Under Nielsen and its progeny, when a debtor claims an annuity is exempt under Idaho Code § 41–1836, the first order of business is to quantify the annuity—including all future scheduled payments. See, e.g., Wiley, 469 B.R. at 333. But in this case, as already noted, the debtors had not chosen from various payout options allowed under their annuity contracts. So nobody knows what the future payments will be. The bankruptcy court thus found it could not do its job. As the court put it, “By their inaction, Debtors have rendered the Court unable to decide whether their exemption claim on annuity benefits conforms to the limits in the Idaho statute in any amount.” Aden ER, Dkt. 12, at 69. Accord Wiley, 469 B.R. at 333;see also Sather ER, Dkt. 15, at 64 (summary order denying debtor's exemption and expressly adopting In re Wiley ).
But courts are not obligated (or authorized) to quantify future annuity payments. As explained, Idaho's exemption statute prohibits creditors from executing on future annuity payments.
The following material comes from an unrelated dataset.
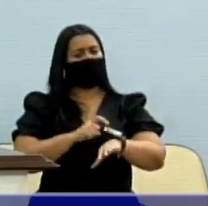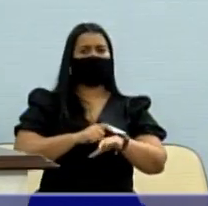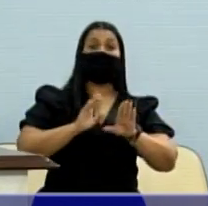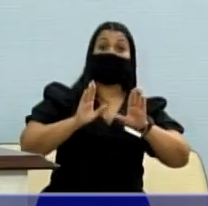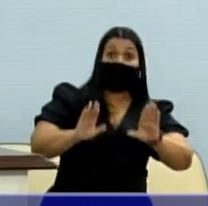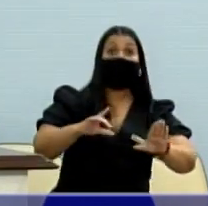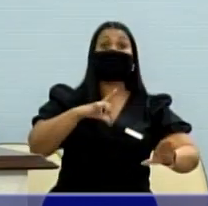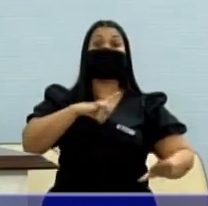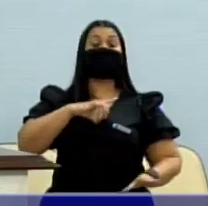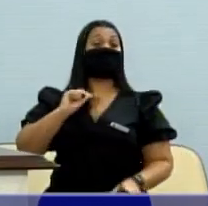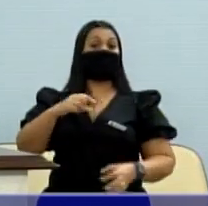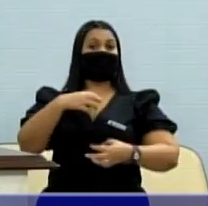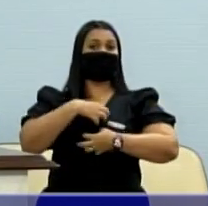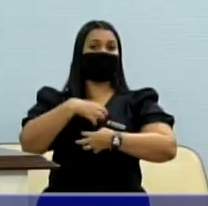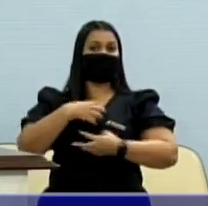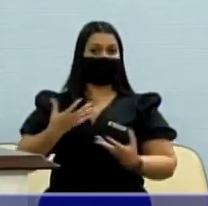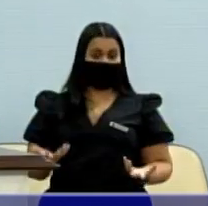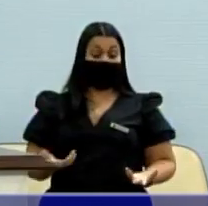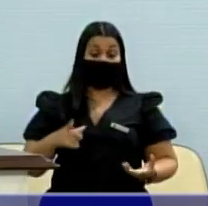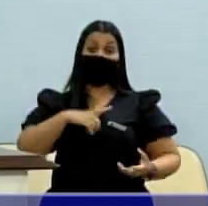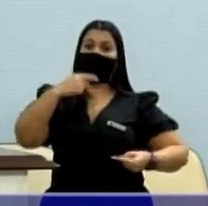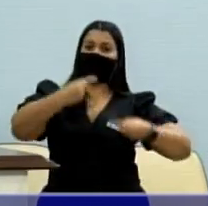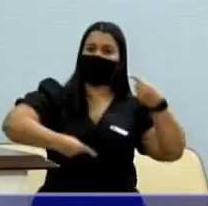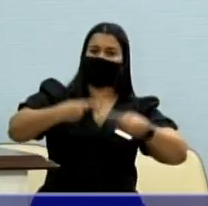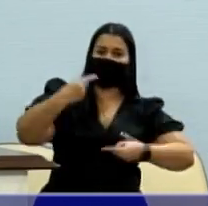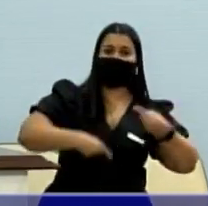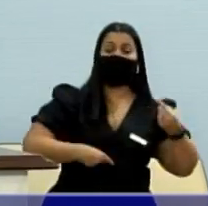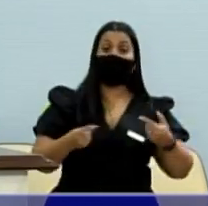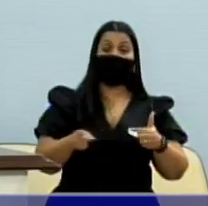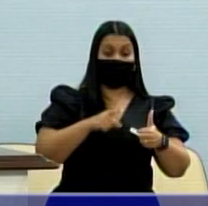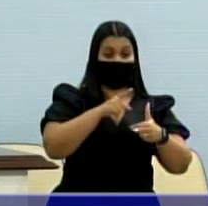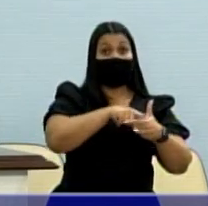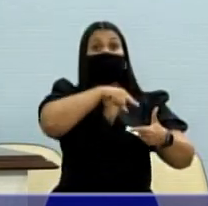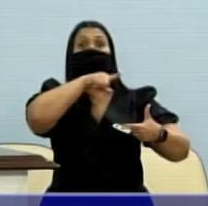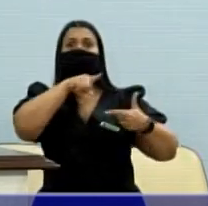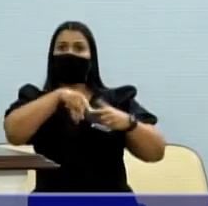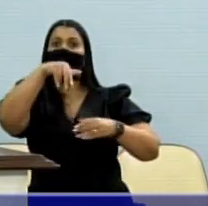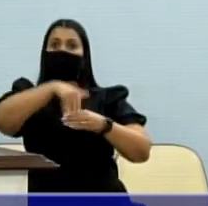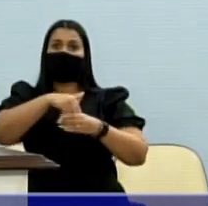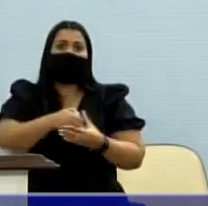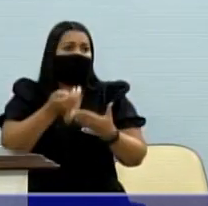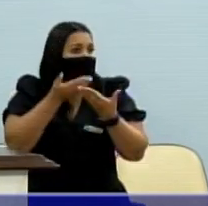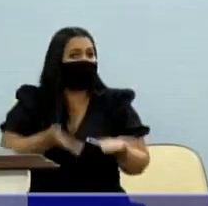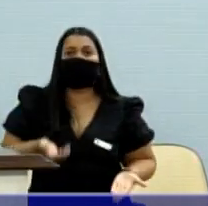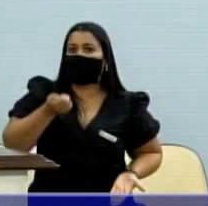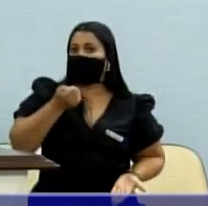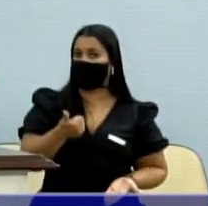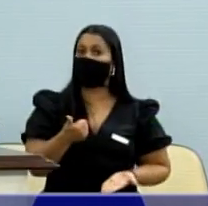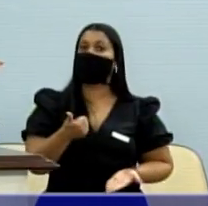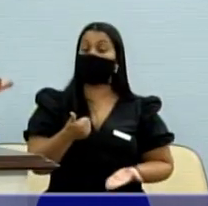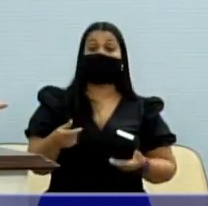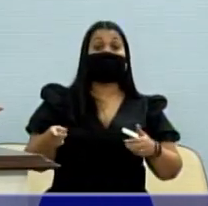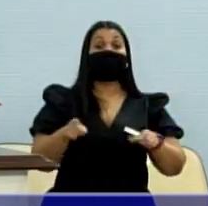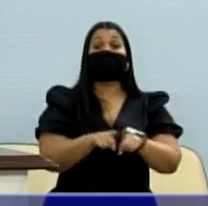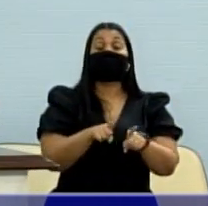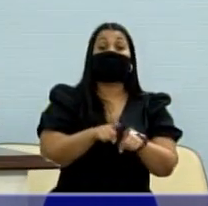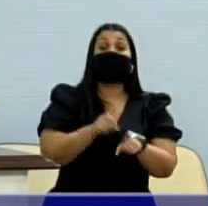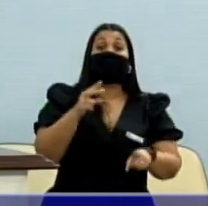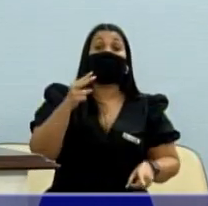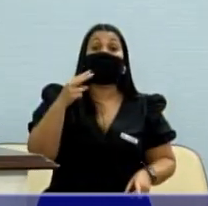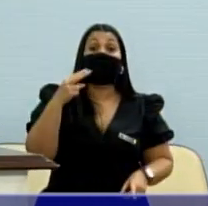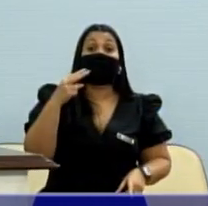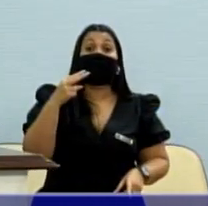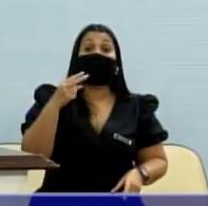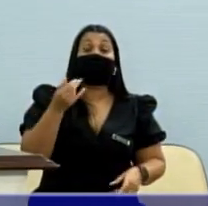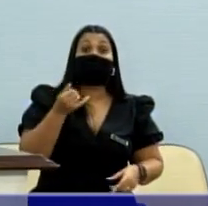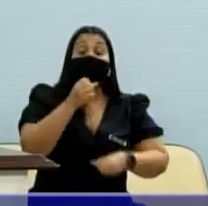esteve progressista. Disputei uma eleição, fui ao segundo turno e perdemos por muito pouco. Eu fui o parlamentar mais votado da história da

Courts are authorized to quantify only those payments presently due and owing. No annuity payments are “presently due and owing” either Ms. Sather or the Adens. The trustee's objections therefore fail.
There are many legitimate policy reasons for adopting a contrary interpretation of the statute. For example, as suggested by the bankruptcy court in Wiley,
Simply put, if the exemption applies where no election has been made, annuities would quickly become a convenient means of shielding large sums by a debtor in financial straits, whether those monies are needed for the support of the debtor or not, all at the expense of creditors. If the Legislature intended that debtors have access to this sort of bankruptcy planning tool it should say so clearly ....
Aden ER, Dkt. 12 at 88. The problem with this observation is that it suggests the exemption should be construed narrowly when, in fact, the opposite is true—the court must liberally construe exemptions in favor of the debtor. See Hummel v. Nowak (In re Tober), 688 F.3d 1160, 1163 (9th Cir.2012). Moreover the potential for abuse is ameliorated by at least two factors: (1) the annuity-exemption statute itself has a fraud exception, seeIdaho Code § 41–1836(1)(a); and (2) the Idaho legislature is, of course, free to modify or eliminate the exemption if presented with evidence of its misuse.
CONCLUSION
The bankruptcy court's decisions in the Sather and Aden cases are REVERSED.